Levelling up on waste prevention and social impact: RREUSE reacts on planned revision of Waste Framework Directive

by | Feb 25, 2022 | Publications

 

 

 

 

 

Even though updated not so long ago, the revision of the Waste Framework Directive is highly welcome as the strategy devised in the new Circular Economy Action Plan requires a shift to a better implementation of the waste hierarchy. Indeed, the current waste prevention and preparing for re-use provisions are not concrete enough to lead Member States towards an absolute decrease in waste generation.

With the recent publication of a Social Economy Action Plan and a clear reference to the link between a social and a circular economy, reopening the revision of the WFD is also a great opportunity to reinforce the role that social economy enterprises have in the collection and treatment of waste.

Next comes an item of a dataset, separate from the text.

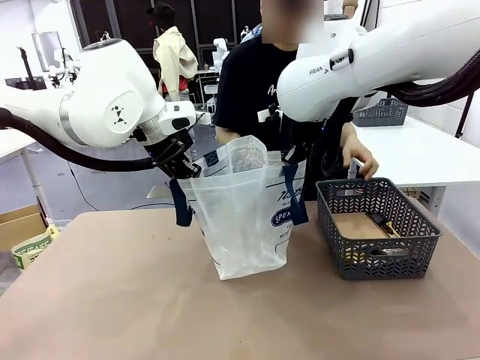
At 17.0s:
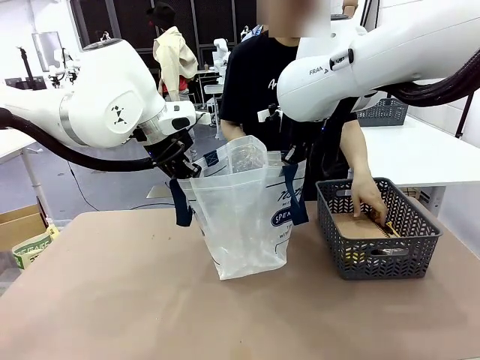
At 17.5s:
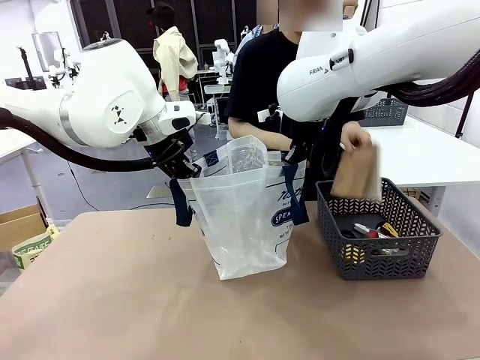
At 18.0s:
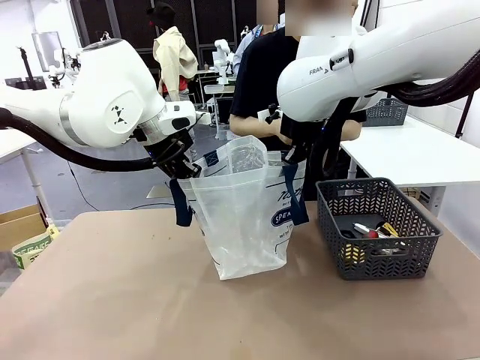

To improve the management of waste in the EU, both socially and environmentally speaking, RREUSE advises the Commission to make the following amendments to the WFD:

 

  • Targets on waste prevention must be devised in absolute terms, not in relative percentages. Therefore, RREUSE supports Zero Waste Europe’s call for replacing the WFD 10% landfill target with 120 kilograms of residual waste per year per capita by 2030. On top of that, the Commission must accelerate the development of re-use and/or preparing for re-use targets at EU level. At the moment, the WFD only contains promises from the Commission to look into the feasibility of setting such targets by 2025. There is no doubt now that these targets are feasible as many examples (in Flanders, Spain and soon in France and Wallonia) already exist and have positive impacts.

 

  • Every waste collection model (e.g. door-to-door collection, civic amenity sites, deposit-refund schemes, etc.) must be designed to collect re-usable waste separately. Therefore, article 11.1§1 WFD on facilitating access to the waste stream for preparing for re-use and repair networks shall be expanded. It should include concrete minimum requirements on how waste collection models must be set up to make the separate collection of re-useable items happen at the earliest stage possible, hence safeguarding their re-usability.

 

  • Support for re-use and preparing for re-use networks to set up alternative collection models for re-usable products. Partnerships between local authorities/producer responsibility organisations and social economy enterprises for the collection of re-usable products are essential to achieve that objective. Re-use operators, especially if they are social economy enterprises and participating in the inclusion of disadvantaged groups on the job market, should not have to pay to deposit donation containers. They should actually be remunerated for participating in the achievement of EU’s waste prevention targets and allowed to install containers in diverse public spaces (city halls, supermarkets, administration offices, private offices, etc.).

 

  • Reinforce minimum requirements for Extended Producer Responsibility. Producer Responsibility Organisations must also reach concrete waste prevention and re-use targets. For more information on this topic, please refer to the following position paper.

 

  • Support EU citizens to help them find out where and how to discard their unwanted yet re-usable items appropriately. Financing the development of mapping applications can be helpful in that regard.

 

  • Prevent the use of counter-productive collection models. The rewarding schemes developed by certain operators (mainly retailers) to collect waste items must be supervised to ensure they do not encourage the consumption of new items (Ex: Textiles retailers giving €5 vouchers for new clothes to clients bringing back waste textiles). If discarders are rewarded, they should be paid cash, not with vouchers. It must also be clear that retailers participating in the collection of waste also have to respect re-use targets and implement the waste hierarchy.